老奶奶见岑岁把傅骁从地面上抱起来放在自己的腿上,还流露出十分着急的模样,便忍不住问道。
“这个小伙子额头烫得很,应该是发高烧,你要是他朋友,就赶紧带他去医院看看吧,我孙子还在家里等我,我就先走了。”
老奶奶离开后,小区这条路上彻底没了其他人。
岑岁用手试了一下傅骁额头的温度,果然如那老奶奶所说得一般滚烫。
她吃力地将人扶起来,又将傅骁身体上的全部重量放在自己的身上,就朝着小区外的马路上而去。
可傅骁也不知道是怎么了,无论岑岁怎样带着他往前走,他都很不老实,总是往身后倒,让岑岁不能稳住重心,陷入了进退两难的境地。
还好小区的保安过来巡逻,正好撞见了岑岁一个瘦弱女孩吃力地支撑着一个大男人的场面,便赶紧过来搭把手。
“您这是要去哪里?我帮您送过去。”
岑岁本想说往门口去,但傅骁仍旧很抗拒,她想了想,便无奈道:“麻烦您帮我把他扶到楼上吧。”
……
岑卫国在家里等了很久,见岑岁还没回来不放心,正想办法下楼去看一看情况,楼下便传来地脚步声与说话声。
等他来到楼梯边上时,保安已经背着傅骁到了下面半层的平台上,而岑岁就跟在他们身后。
那保安年纪也不小,身高也刚刚才过一米七,背着一八五身高的傅骁实在是吃力,更何况还要爬楼。
岑卫国怕自己挡路,赶紧朝后面退了退,等保安将傅骁平稳放在地上,岑岁也恰好走到了岑卫国边上。
岑卫国在岑岁身上打量了两下。
“没什么事,我就先下去了。”
保安抹了抹额头上的汗水,岑岁忙对保安道了声谢,把傅骁接了过来。
“岁岁,这到底怎么回事,你怎么把人带回家来了?”
“爸爸,他发烧了,如果把他扔在外面不管,我怕他会出事。
等下我们在谈,先把他送回房间里吧。”
岑岁身体摇晃着,要靠扶着墙壁才能站稳。
岑卫国见状,便也不再发问,率先把门锁打开。
“进去吧。”
岑岁把人送到自己的房间,又在药箱里找到了退烧的药,替傅骁喂了后才出了房间。
此时时间已经接近晚上十点,岑卫国仍旧在客厅等着。
一见岑岁出来,不自觉皱起眉。
“忙活这么久,你自己都出了一身汗。你妈妈说过你暂时不能洗澡,但还是用热水去清洗一下吧,不然,傅骁的烧倒是退了,你自己病倒了,我可没办法给你妈交代。”

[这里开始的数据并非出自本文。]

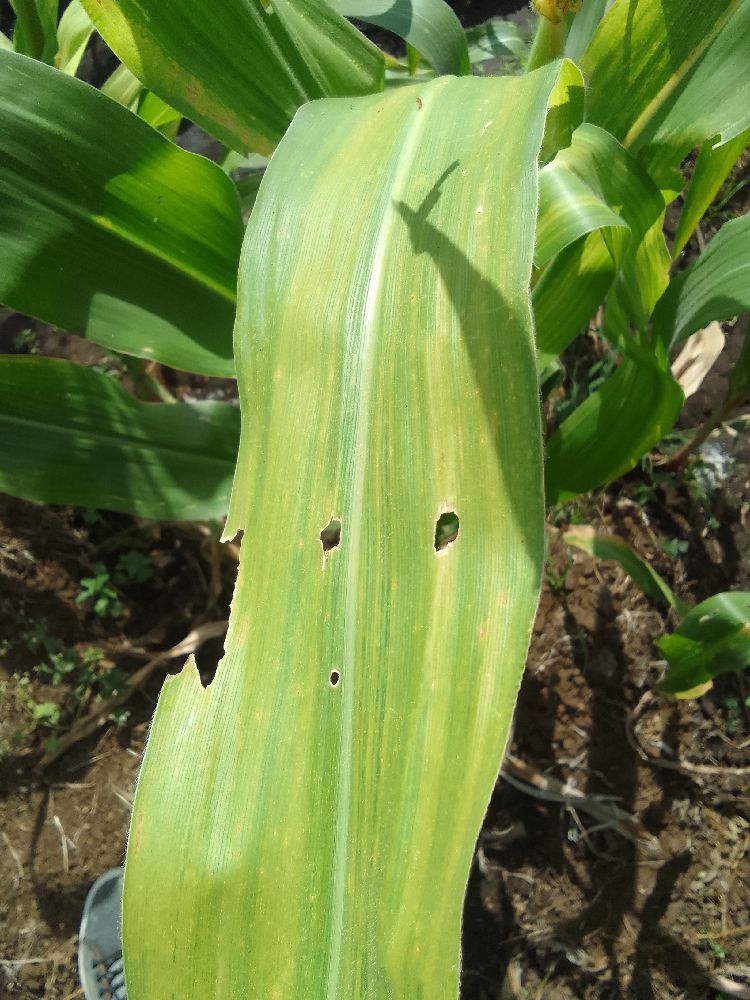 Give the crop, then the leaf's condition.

maize, maize lethal necrosis

岑岁从他这话里听出来点信息,扭头朝墙上挂着的钟表看过去。
确认了时间,她才意识到,高钰快要下班来了。她可不能让高钰看见她这副样子,不然等高钰发现傅骁在他们家,自己又因为照顾傅骁而累得满身是汗,又是一阵腥风血雨。
“那我先去洗漱一下,换身衣服。”
她先是回到房间拿了换洗衣物,随后去到了岑卫国与高钰房间里的浴室。
再出来,是半小时后了。
高钰也已经回来,正和岑卫国端坐在客厅里,等着岑岁出来。
“妈,您回来了。”
高钰冷哼一声,“你说你怎么想的,怎么把那个祸害搞到咱们家里来了!”
语气带着愤慨,分明是生岑岁的气了。
“他发烧在大街上躺着,你就非要去管,非要把这个事揽在自己身上,你是不是又犯糊涂了?”
高钰锤了一下大腿,“早知道,我就不应该给你爸爸打电话,省的你同情心作祟,把仇人救回自己的家。”